Pretty straightforward problem, I have a summation and no idea how to find its zeroes.
I need to find the zeroes in terms of $x$ for any array of positive constants $a_0, a_1, ..., a_n$.
Summation:
$$\sum_{i=0}^{n}\frac{-x^2+3a_ix-2(a_i)^2}{(a_i)^2 \lvert x-a_i\rvert}$$
Note that the upper polynomial is factorable as $(x-a_i)(-x+2a_i)$, if that helps.
On
I will be using $k$ instead of $i$ just for personal preference.
$$\sum_{k=0}^n\frac{(x-a_k)(-x+2a_k)}{(a_k)^2|x-a_k|}=\sum_{k=0}^n\frac{\text{sgn}(x-a_k)(-x+2a_k)}{a_k^2}$$
where $\text{sgn}(\mu)$ is the sign (+/-) of $\mu$.

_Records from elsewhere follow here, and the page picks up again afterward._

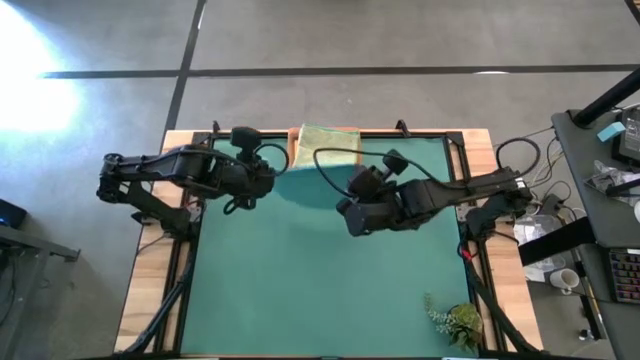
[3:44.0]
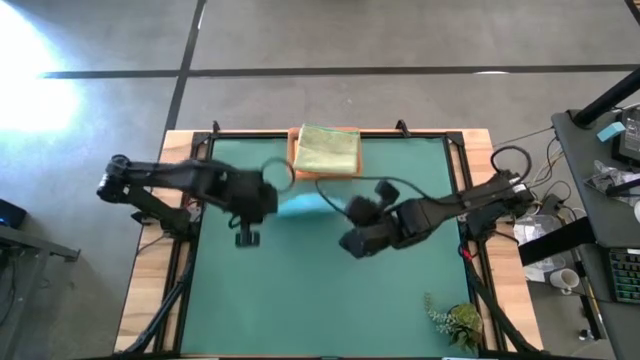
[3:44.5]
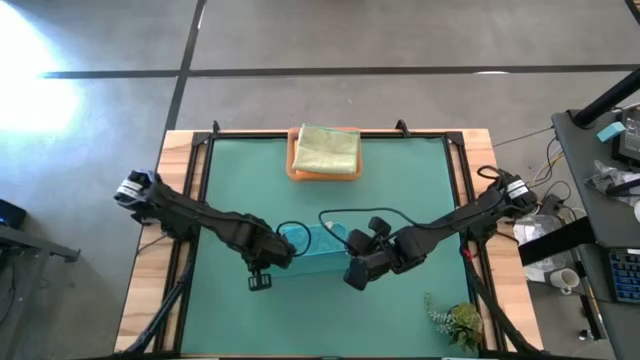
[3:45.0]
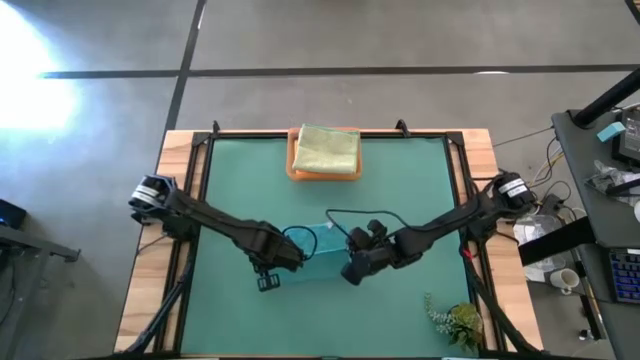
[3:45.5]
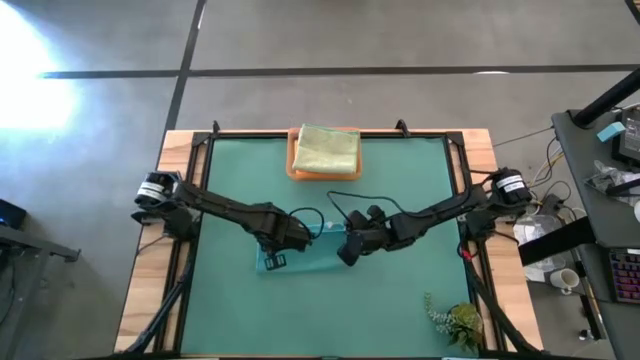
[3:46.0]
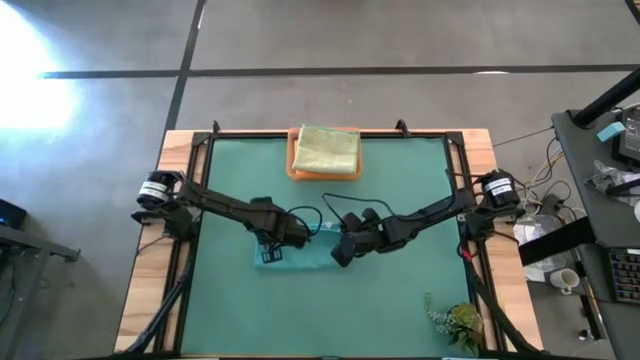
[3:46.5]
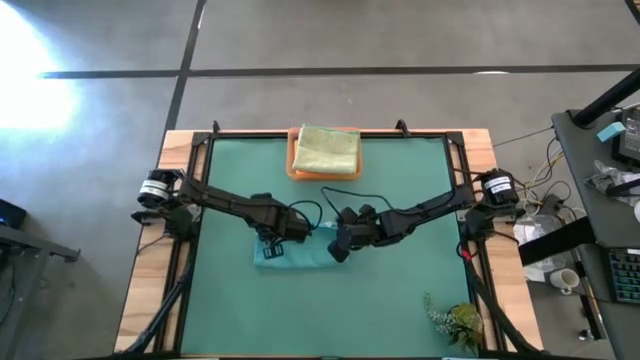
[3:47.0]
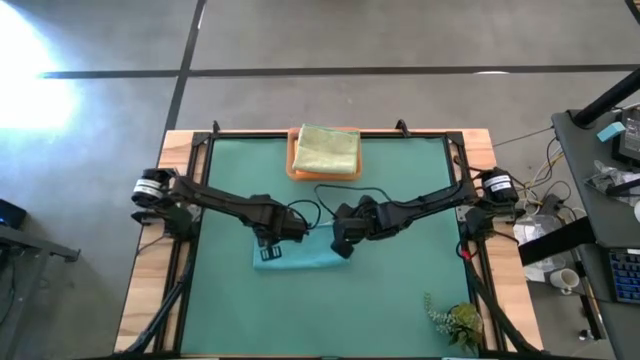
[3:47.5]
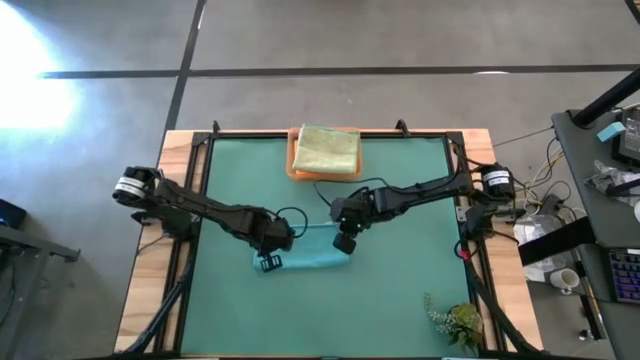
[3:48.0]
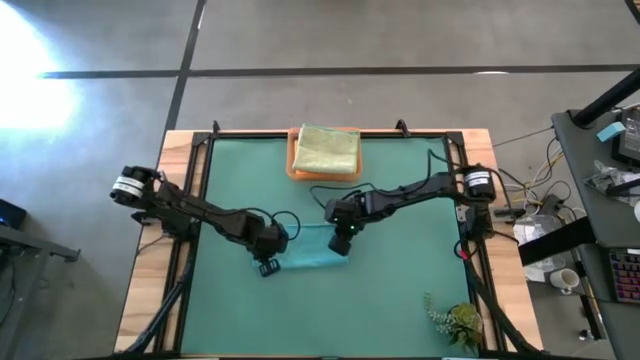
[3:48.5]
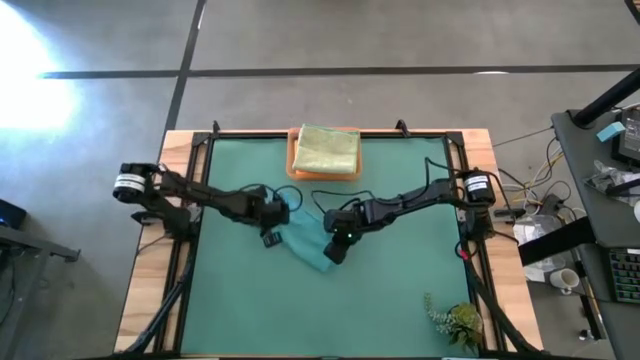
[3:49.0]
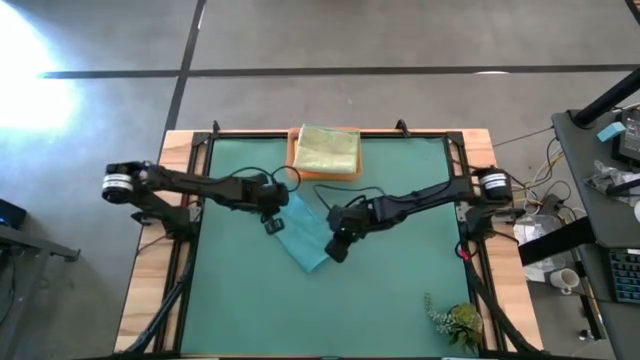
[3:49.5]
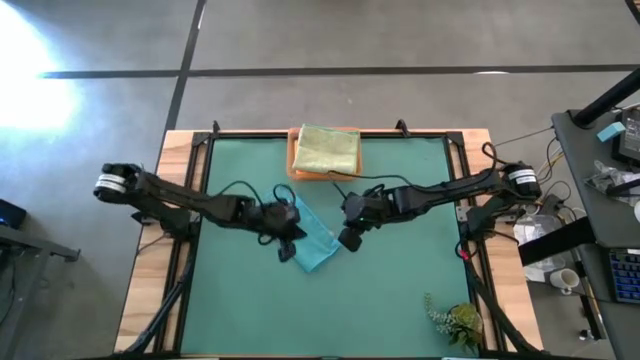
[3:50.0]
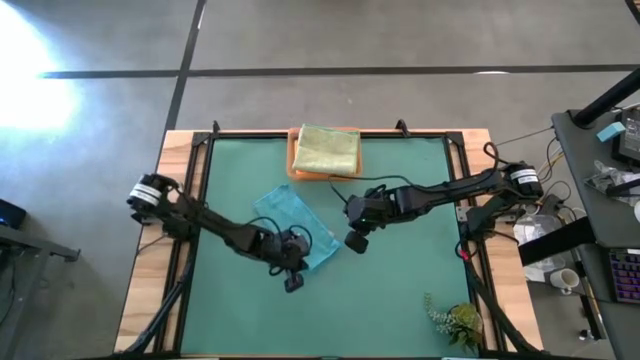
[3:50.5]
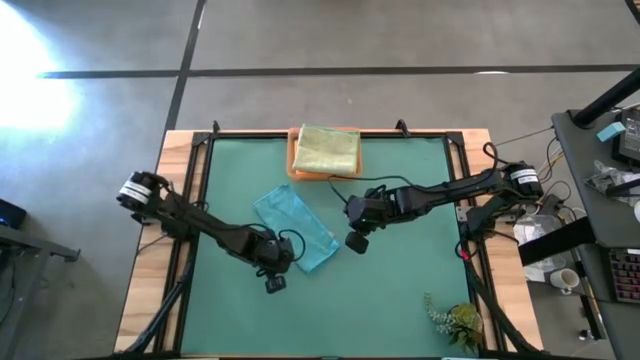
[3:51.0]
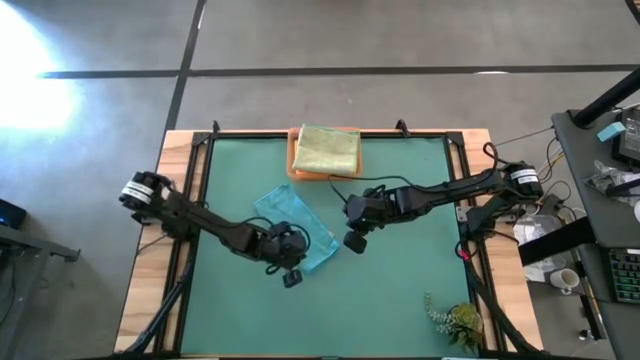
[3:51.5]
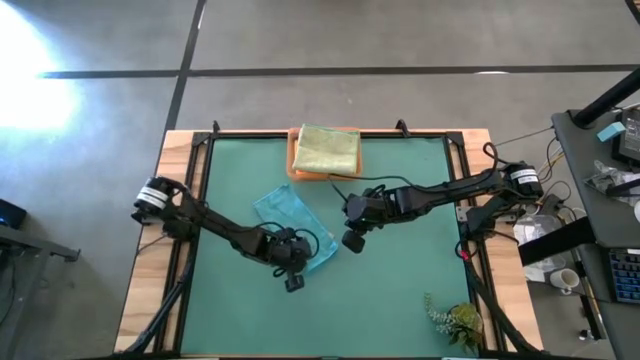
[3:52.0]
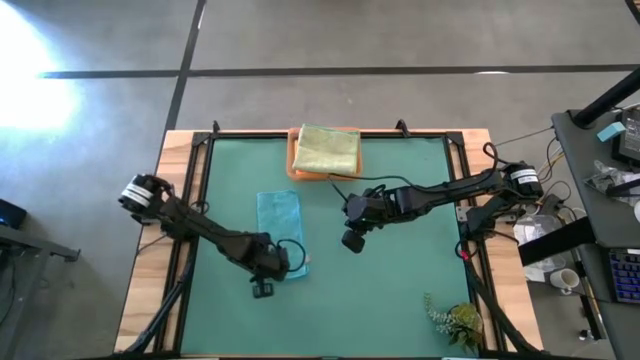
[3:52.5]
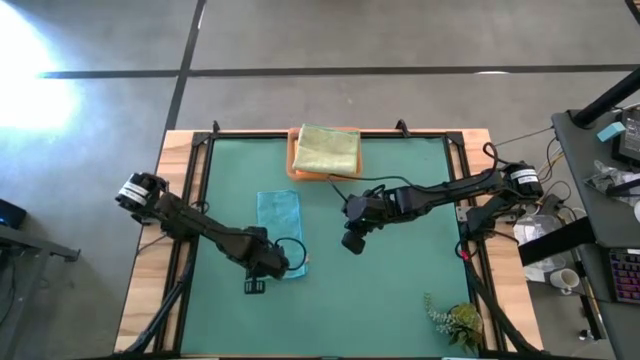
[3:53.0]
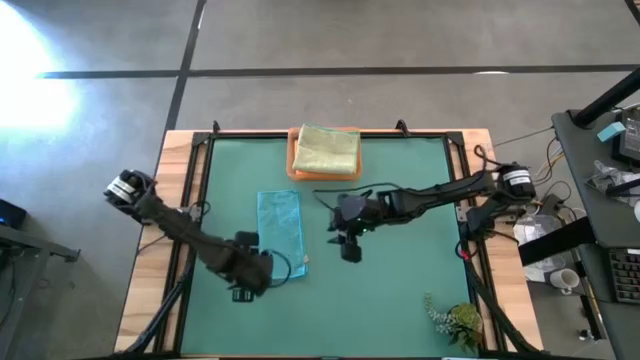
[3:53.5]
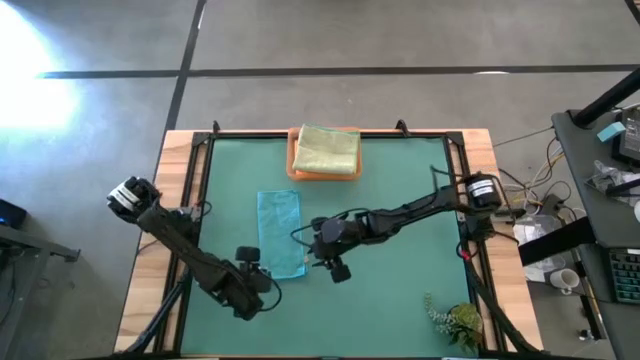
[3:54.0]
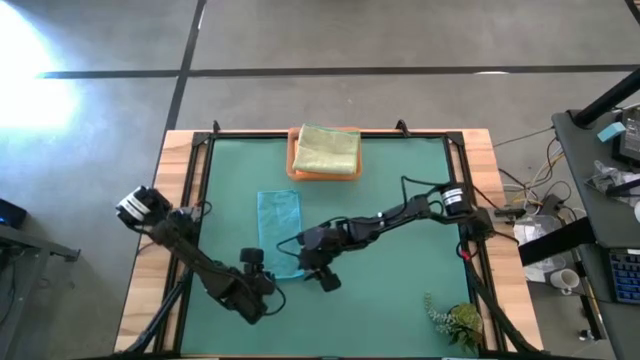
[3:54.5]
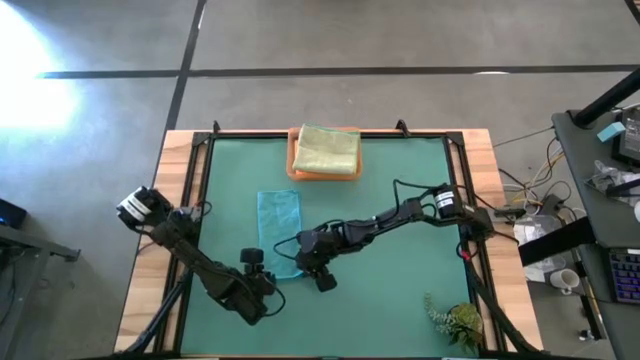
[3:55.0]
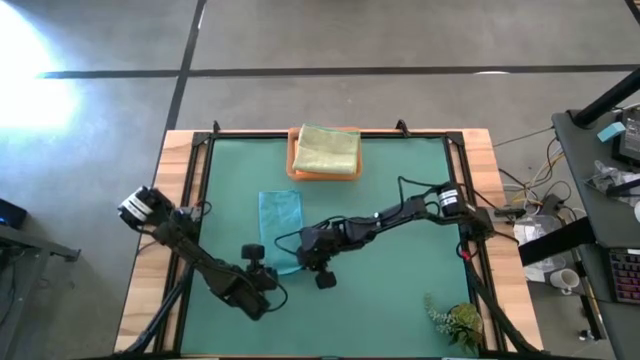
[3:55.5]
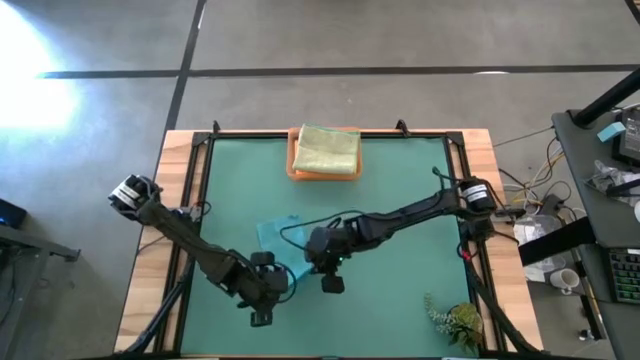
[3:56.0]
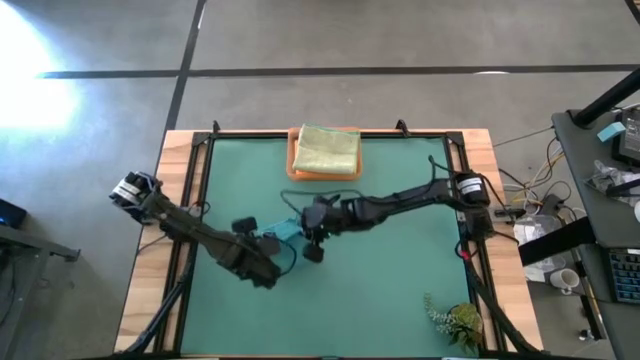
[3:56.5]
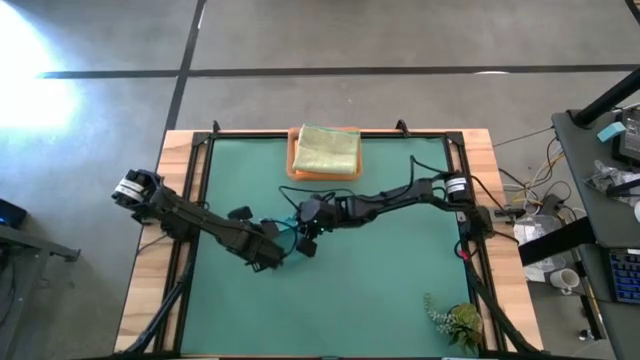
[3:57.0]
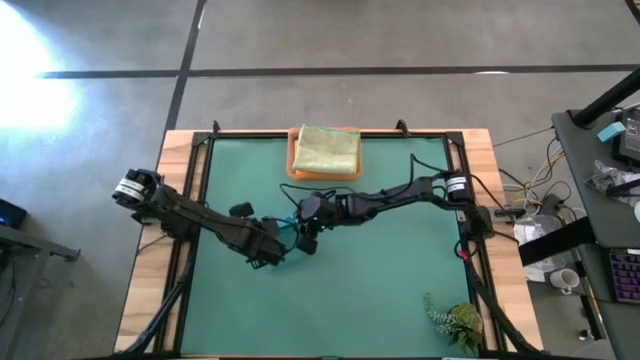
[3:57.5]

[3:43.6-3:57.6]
Task: Fold microfiber towels
Fold the blue towel

For any negative $x$ value, we have
$$\text{sgn}(x-a_k)=-1$$
Also see that $\sum_{k=0}^n\frac{\text{sgn}(x-a_k)(-x+2a_k)}{a_k^2}$ has only one root by the fundamental theorem of algebra.

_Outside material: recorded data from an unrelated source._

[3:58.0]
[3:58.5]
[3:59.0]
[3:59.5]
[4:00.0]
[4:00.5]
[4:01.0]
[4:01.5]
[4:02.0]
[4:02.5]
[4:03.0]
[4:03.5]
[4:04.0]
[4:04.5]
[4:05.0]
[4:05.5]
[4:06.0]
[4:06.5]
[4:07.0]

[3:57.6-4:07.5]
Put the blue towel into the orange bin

So, if we assume the root occurs for $x<\min(a_k)$, we will have
$$\sum_{k=0}^n\frac{\text{sgn}(x-a_k)(-x+2a_k)}{a_k^2}=\sum_{k=0}^n\frac{2a_k-x}{a_k^2}$$
Sadly, it is clear that for any negative number $x$, the summation will be larger than $0$.
Assume the root occurs at $x>2\max(a_k)$ so that we may have $\text{sgn}(x-a_k)=1$
$$\sum_{k=0}^n\frac{\text{sgn}(x-a_k)(-x+2a_k)}{a_k^2}=\sum_{k=0}^n\frac{2a_k-x}{a_k^2}$$
This time we see that for any $x>2\max(a_k)$, the result will be a negative value, so that will not be a root.
I cannot manage to conclude anything beyond this, so the best answer I can give you is
$$\min(a_k)<x<\max(a_k)$$
For convenience, sort the $a_i$ in increasing order. The $a_i$ divide the real line into $n+1$ intervals, on each of which your summand is linear, since $(x - a_i)/|x - a_i| = \pm 1$. It's easy to find the zeros of a linear function.